Surgical Masks Selling Out in Japan as Coronavirus Spreads
Surgical masks are common in Japan as a protection for winter flu or pollen allergy, but this year demand has shot up in the wake of the new coronavirus scare, causing supply shortages within the first week of the outbreak.
In Tokyo’s upscale shopping district of Ginza, residents and tourists alike were buying masks wherever they could find them.
Even sales staff at Japanese department stores have started wearing masks.
Tobu department store put up a notice, saying the rare measure was necessary for health reasons.
Masumi Tsuchida said she started wearing a mask at the hotel where she works, because many Chinese tourists stay there.
The virus originated in the Chinese city of Wuhan.
Christine Yuuki, a tourist from China, said she was looking for masks to bring back for her friends and family, as they’ve become expensive and hard to find back home.
“In China, masks are very expensive,” she said, adding that one little pack of masks costs more than 100 yuan (US$14). “They are cheaper here and easier to buy.”
But they are disappearing quickly.

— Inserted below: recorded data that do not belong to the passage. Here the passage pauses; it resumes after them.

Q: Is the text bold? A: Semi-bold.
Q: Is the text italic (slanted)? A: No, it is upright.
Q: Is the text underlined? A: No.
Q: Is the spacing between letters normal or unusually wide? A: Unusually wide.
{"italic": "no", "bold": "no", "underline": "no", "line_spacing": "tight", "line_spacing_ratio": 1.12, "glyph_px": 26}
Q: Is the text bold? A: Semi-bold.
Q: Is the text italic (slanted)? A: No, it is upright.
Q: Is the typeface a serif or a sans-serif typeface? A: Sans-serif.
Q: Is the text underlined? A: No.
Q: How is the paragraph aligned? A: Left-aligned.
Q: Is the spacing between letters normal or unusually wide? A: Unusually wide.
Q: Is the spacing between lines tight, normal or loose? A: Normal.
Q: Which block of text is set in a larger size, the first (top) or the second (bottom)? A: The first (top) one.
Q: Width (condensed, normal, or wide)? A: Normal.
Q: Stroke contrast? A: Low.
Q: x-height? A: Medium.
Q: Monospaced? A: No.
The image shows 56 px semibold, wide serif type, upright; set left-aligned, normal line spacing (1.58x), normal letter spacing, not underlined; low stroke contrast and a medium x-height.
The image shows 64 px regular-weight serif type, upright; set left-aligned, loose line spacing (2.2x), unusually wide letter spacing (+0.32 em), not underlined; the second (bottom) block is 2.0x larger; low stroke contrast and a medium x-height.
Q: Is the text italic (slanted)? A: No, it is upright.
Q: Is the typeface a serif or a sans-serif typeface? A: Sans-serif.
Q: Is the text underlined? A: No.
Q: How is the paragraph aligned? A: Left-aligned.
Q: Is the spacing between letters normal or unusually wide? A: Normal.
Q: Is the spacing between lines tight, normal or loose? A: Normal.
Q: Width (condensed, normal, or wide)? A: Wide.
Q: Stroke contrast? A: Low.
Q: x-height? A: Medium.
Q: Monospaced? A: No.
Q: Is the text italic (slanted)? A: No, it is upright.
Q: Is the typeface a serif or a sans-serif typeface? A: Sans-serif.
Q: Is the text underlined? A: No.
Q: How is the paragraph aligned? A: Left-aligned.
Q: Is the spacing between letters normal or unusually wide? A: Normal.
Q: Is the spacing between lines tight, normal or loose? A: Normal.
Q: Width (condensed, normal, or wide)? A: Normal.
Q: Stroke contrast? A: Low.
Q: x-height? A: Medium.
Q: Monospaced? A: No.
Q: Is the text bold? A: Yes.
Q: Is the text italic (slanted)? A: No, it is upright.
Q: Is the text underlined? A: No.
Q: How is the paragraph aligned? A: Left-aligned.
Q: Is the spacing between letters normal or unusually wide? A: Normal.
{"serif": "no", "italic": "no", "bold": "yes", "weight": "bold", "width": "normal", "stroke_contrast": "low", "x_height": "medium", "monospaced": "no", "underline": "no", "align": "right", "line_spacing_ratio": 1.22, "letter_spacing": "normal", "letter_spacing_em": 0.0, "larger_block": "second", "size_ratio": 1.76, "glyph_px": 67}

At pharmacies and convenience stores in popular tourist hubs in downtown Tokyo, supplies are dwindling or are sold out completely.
Iris Ohyama, a major Japanese manufacturer of household goods and home appliances, said it had been flooded with orders from drug stores across Japan for surgical masks since the outbreak.
Sales were three times as high as the previous week, it said.
In order to meet soaring demand, the company’s workers at one of its two factories in China had to cut short their 10-day Lunar New Year holidays to just three days, said company official Yasuyuki Shibata.
But the impact on the wider Japanese economy will be negative, with transportation companies likely to be among the sectors hardest hit, according to Toshihiro Nagahama, chief economist at the Dai-ichi Life Research Institute.
Nagahama calculated that if the coronavirus outbreak lasts for four months, like the SARS outbreak in 2002-2003, Japan could suffer a 520 billion yen (4.76 billion US dollar) drop in GDP.